Rebecca Traister Sheds Light on 'All the Single Ladies'

Author and self-described feminist journalist Rebecca Traister spoke at Lehigh on March 30, discussing her bestselling book, All the Single Ladies: Unmarried Women and the Rise of an Independent Nation, her observations of the current political environment and experiences as a woman married for the first time at age 35.

“I had to educate myself on American history from a totally different perspective,” said Traister to a packed auditorium at Lehigh’s Whitaker Lab 303, in describing the genesis of her book and taking audience members on a journey of single women in American history.

The inspiration for the book came from information she knew on the increasing rate of singlehood for women. Traister said that it has increased so much that there are more single women than married women in the country.

“I knew that there was a tremendous shift in mass numbers in terms of how people and women were behaving around marriage,” Traister said.

Traister said she strongly identified as a single woman in her 20s up until she met her now husband. Traister remembers being taken aback by the way people reacted to her marrying at a later age.

“I was a 35 year old. I had a career. I already published a book. My husband is 10 years older than me, he was in his 40s,” she said. “We both had full adult lives. Marriage wasn’t going to define us, kick off our lives together or shape us. We became adults separately. We just so happened to fall in love, and we were getting married.”

With her own personal experience and the trends she noticed among her friends marrying older or staying single and the history of unmarried women, Traister decided to combine the three to bring to light a topic overlooked.

“I was very interested in the fact of the sort of lack of acknowledgment of how crucial it is that the map of female adulthood is really being redrawn, but that a lot of our cultural habits haven’t caught up with it yet,” Traister said.

All the Single Ladies took around five years to write and two to three of those years were dedicated to researching the history of unmarried women. Traister admitted that with all of the useful research she found on unmarried women in the United States, there is a lot more history than she originally expected.

When asked about her favorite part of writing the book, Traister discussed the privilege of including an interview with one of her heroes, Anita Hill, the attorney and law professor who came to public attention when testifying during the 1991 hearings on Supreme Court nominee Clarence Thomas. Traister said she was interested in how Hill’s testimony and how it was received was impacted by her singlehood.


Political and Social Ramifications

Traister spoke about single women, the history of unmarried women in America and how this correlates with 19th and 20th century social movements, ending with descriptions of how singlehood is threatened by our current political environment. The goal of her talk was to explain how the change in marriage for women isn’t because of a certain trend in society or based on what their friends are doing, she said, but part of a bigger picture for women to reach equality.

Traister explained how unmarried women in history gravitated to certain jobs that brought them together, such as teaching or nursing. Traister noted that because these unmarried women came together in these jobs, this led to movements, such as women's suffrage and the temperance movement.

In her book and her talk, Traister identified that the government and current political status have a large impact on the singlehood and marriage of women.

“The ability to live independently is predicated on a government that acknowledges women and supports their independence,” Traister said.

Following a long applause at the end of her talk, Traister answered audience questions and signed copies of All the Single Ladies. One audience member asked about women in politics for 2020 and looking forward, to which Traister responded: “I have optimism about women in politics that I wouldn’t have had a few months ago.”

Lehigh Connection


Traister’s mother, emerita professor of  English Barbara Traister, taught at Lehigh for about 40 years, so when Traister was asked to speak, she was happy to.
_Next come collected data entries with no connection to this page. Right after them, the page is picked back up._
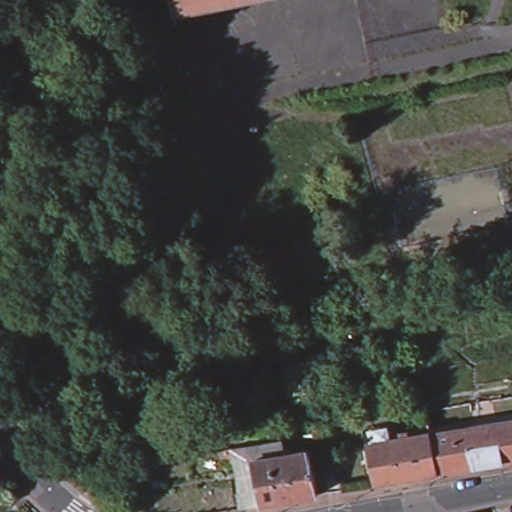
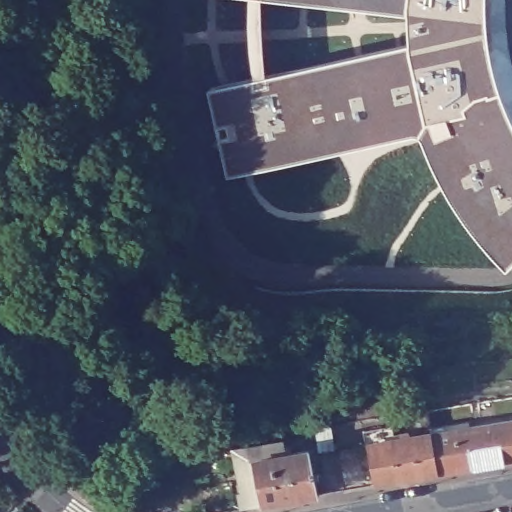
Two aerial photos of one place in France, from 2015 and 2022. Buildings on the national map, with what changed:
demolished [(178,8),(176,0),(216,0),(178,8)]
new [(214,91),(278,77),(274,64),(408,36),(406,16),(407,0),(476,0),(477,29),(481,64),(491,96),(494,104),(501,102),(512,129),(512,250),(501,261),(463,214),(469,210),(463,199),(446,172),(431,136),(424,118),(394,126),(399,146),(297,166),(293,151),(231,164),(214,91)]
unchanged [(429,434),(476,425),(512,417),(512,458),(438,472),(429,434)]
unchanged [(376,484),(369,445),(429,434),(438,472),(376,484)]
unchanged [(251,458),(261,508),(239,509),(236,493),(238,492),(232,447),(274,438),(276,453),(251,458)]
unchanged [(276,453),(309,445),(321,495),(261,508),(251,458),(276,453)]

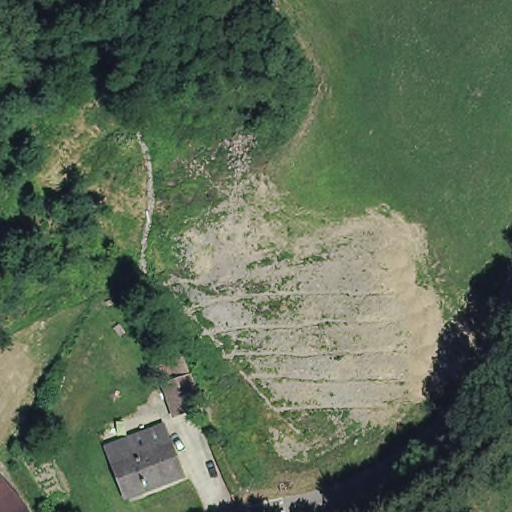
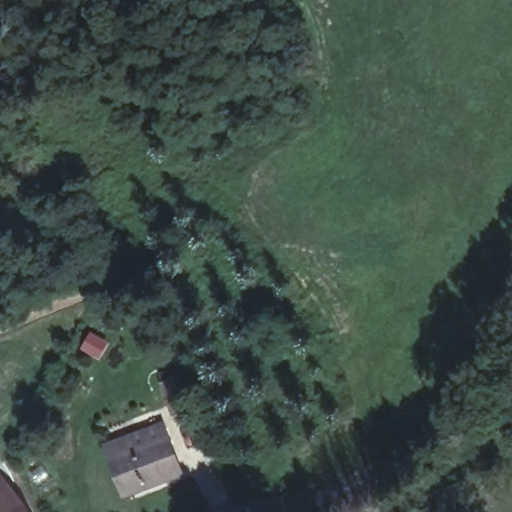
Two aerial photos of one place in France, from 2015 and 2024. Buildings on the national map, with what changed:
unchanged [(138,302),(148,297),(157,319),(147,323),(138,302)]
unchanged [(171,347),(181,374),(163,382),(152,355),(171,347)]
unchanged [(184,377),(196,405),(172,415),(160,387),(184,377)]
unchanged [(160,420),(177,468),(122,487),(105,439),(160,420)]
unchanged [(11,491),(26,506),(30,512),(0,512),(0,480),(11,491)]

“Lehigh has a particular place in my heart because it was the place where my mother worked for my entire life,” Traister said.

A writer at large for New York Magazine, Traister is a National Magazine Award finalist and contributing editor at Elle. She has written about women in politics, media and entertainment from a feminist perspective for The New Republic and Salon and has also contributed to The Nation, The New York Observer, The New York Times, The Washington Post, Vogue, Glamour and Marie Claire.
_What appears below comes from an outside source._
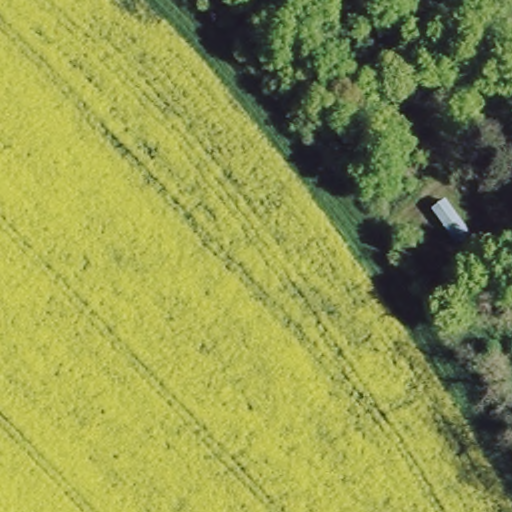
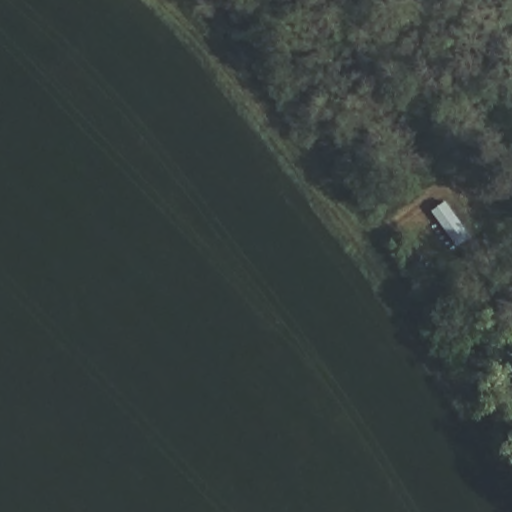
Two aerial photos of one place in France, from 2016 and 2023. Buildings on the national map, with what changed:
unchanged [(464,231),(451,241),(427,210),(440,199),(464,231)]

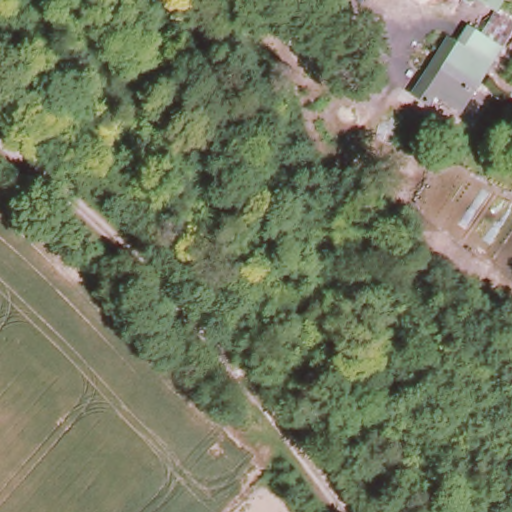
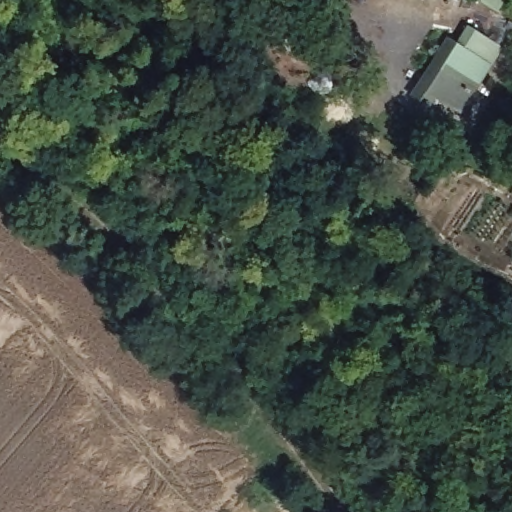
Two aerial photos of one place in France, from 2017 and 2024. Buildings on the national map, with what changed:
unchanged [(435,98),(428,107),(410,94),(447,36),(455,41),(467,25),(503,47),(461,114),(435,98)]

Traister’s first book, Big Girls Don’t Cry, about women and the 2008 presidential election, was a New York Times Notable Book of 2010 and the winner of the Ernesta Drinker Ballard Book Prize.

As a successful journalist, having her own books published and writing for numerous well-known publications, Traister shared some career advice for women: “Don’t ever devalue your work or your ideas.” 

The lecture was sponsored by the Friends of the Lehigh University Libraries and the Lehigh University Department of English.